Why are some people truly amazing mentors while others — even with years of experience — fail to contribute? I believe that anyone can be a great mentor, so read on for three ways you can become the mentor that entrepreneurs dream of.
1. Provide Questions, Not Answers
A lazy mentor gives their mentee answers. A truly great one gives their menteequestions.
As an entrepreneur myself, I remember struggling with a number of difficult decisions, all of which felt tougher because I couldn’t pull myself out of the weeds in order to see the big picture. If all you do as a mentor is help an entrepreneur see the (possible) answer, you are robbing her of exploring the journey to get there herself.
In sessions where I am now advising entrepreneurs, whenever I feel the urge to give an answer, I instead force myself to ask a question to encourage the entrepreneur to delve deeper. It’s an approach championed by the community benefit organization ‘Creating the Future.’ Not sure which questions to ask? Here are a few favorites:
- What’s the highest potential outcome of this situation?
- What will that make possible?
- How will you know if this endeavor is successful?
- What will it take to get there?
- What resources will be required?
- Imagine you didn’t have any constraints — what would you do then?
- What’s the hardest part about this?
- What’s holding you back from doing this now?
And if these questions don’t feel right, then use my favorite question of all: why? Ask why enough times and you’ll find yourself at the core, and from there the answers will start getting much clearer.
I’ve found a good rule of thumb to be that the entrepreneur should be speaking 90% of the time. If you find yourself speaking more than 10%, you may be providing too many answers and not enough probing questions.
And finally, embrace silence — those perceived awkward pauses in-between thoughts are where the magic happens.
2. You’re Always Right. And You’re Always Wrong.
Remember that any advice that you give based on your own experience is simultaneously completely correct, and completely incorrect. It’s correct in that you lived it — you made it, you lived it, and you dealt with its consequences. This outcome-driven advice is also incorrect because your experience was just that — yours. While it may seem analogous to an entrepreneur’s decision today, she is making a decision in a completely different context — a different time, a different place, a different culture, with different people, technologies and other variables.
This shouldn’t stop you from sharing your stories. On the contrary, you should absolutely share your valuable experience. But instead of focusing on the outcome of your decision, emphasize your decision-making process — the variables you weighed, the values you applied, and the approach that you took.

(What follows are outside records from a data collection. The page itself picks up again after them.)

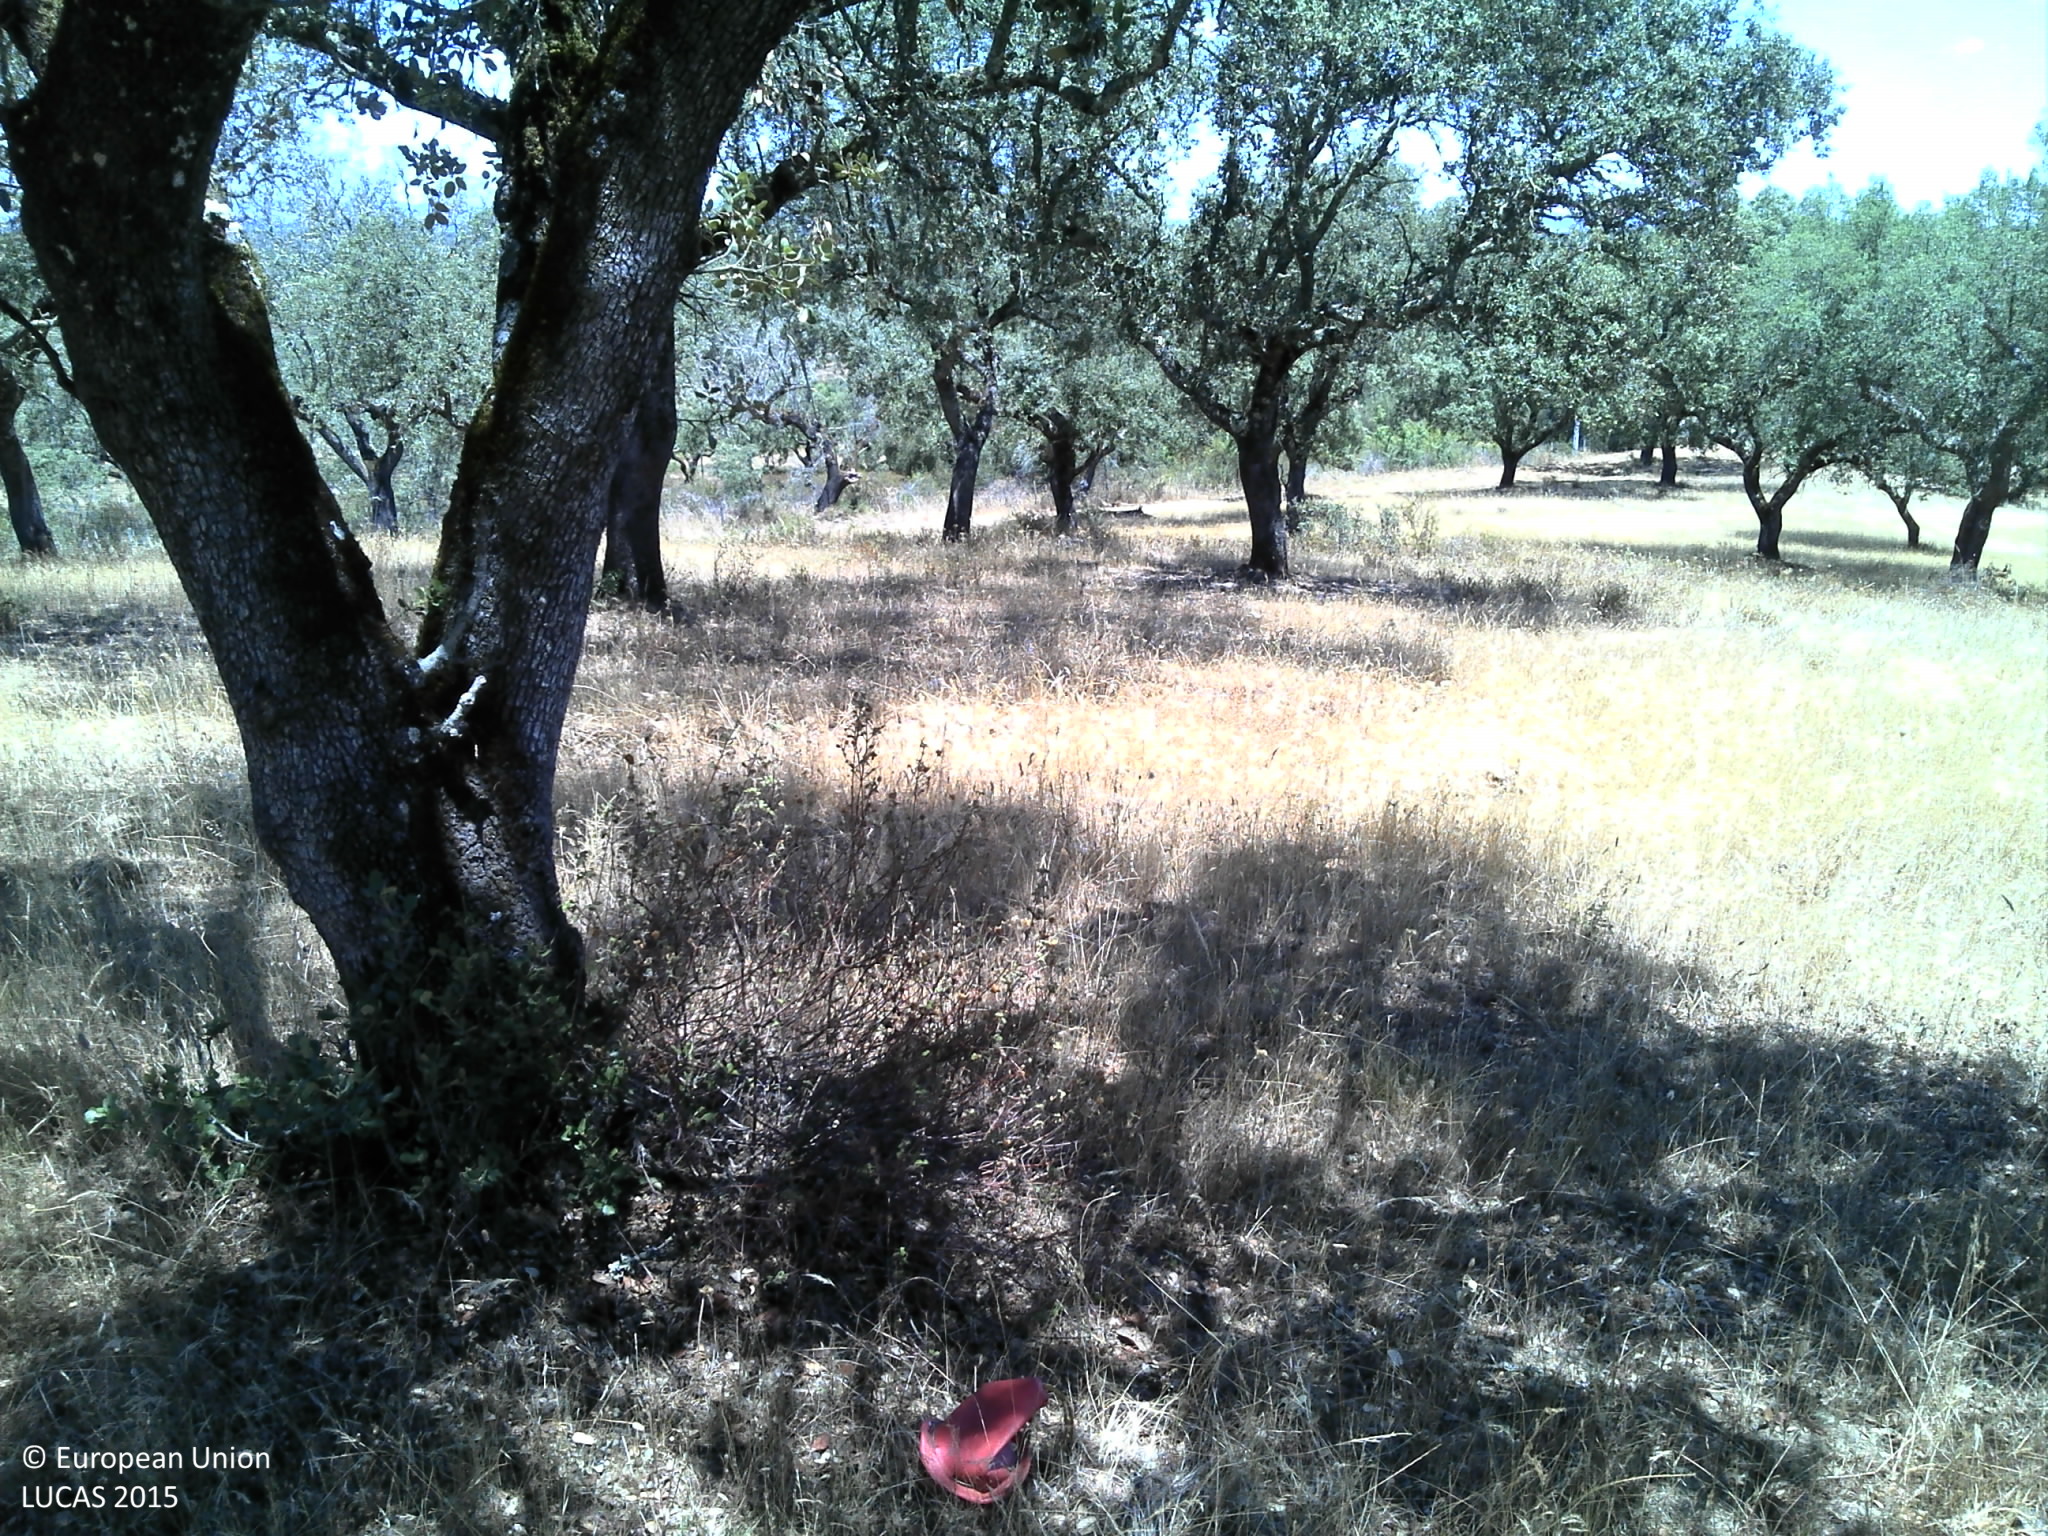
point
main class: Woodland
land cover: Broadleaved woodland
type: broadleaved evergreen forest
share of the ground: 25 - 50 %
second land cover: Grassland without tree/shrub cover
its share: 25 - 50 %
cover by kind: unconsolidated bare surface 45 %, herbaceous plants 30 %, broadleaved forest trees 25 %
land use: Forestry
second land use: Agriculture (excluding fallow land and kitchen gardens)
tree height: > 5 m
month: June
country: PT
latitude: 38.3974
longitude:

When telling your story about how you selected Windows 95 as the best operating system for your company, the outcome of your past decision is already dated and can’t possibly help a developer choosing between Android and iOS. But the approach you took — weighing market size vs. risk, stability vs. opportunity, how you engaged key stakeholders, and how you made sense of disparate pieces of information — is what will be useful to an entrepreneur. Not the end result. Sharing your approach and thought process is what will empower an entrepreneur to make his own decisions, with the benefit of your insights. And don’t be surprised if they don’t choose Windows 95 themselves.
3. Be a Connector
In Adam Grant’s brilliant book ‘Give and Take,’ he talks about the power of the ‘5 minute favor.’ One extremely valuable favor is connecting two people who would benefit from knowing one another.
Beyond asking questions and sharing stories, connecting an entrepreneur to someone else you know can often be the most useful. You can’t possibly support an entrepreneur with everything, but chances are someone in your network can.
The best mentors are ones who, instead of guarding their contacts, are constantly asking themselves ‘who do I know who could also help?’ Challenge yourself to make one connection and introduction per meeting — whether that is a talented project manager you know who is looking for work, a possible partner, or another potential advisor to support a new challenge.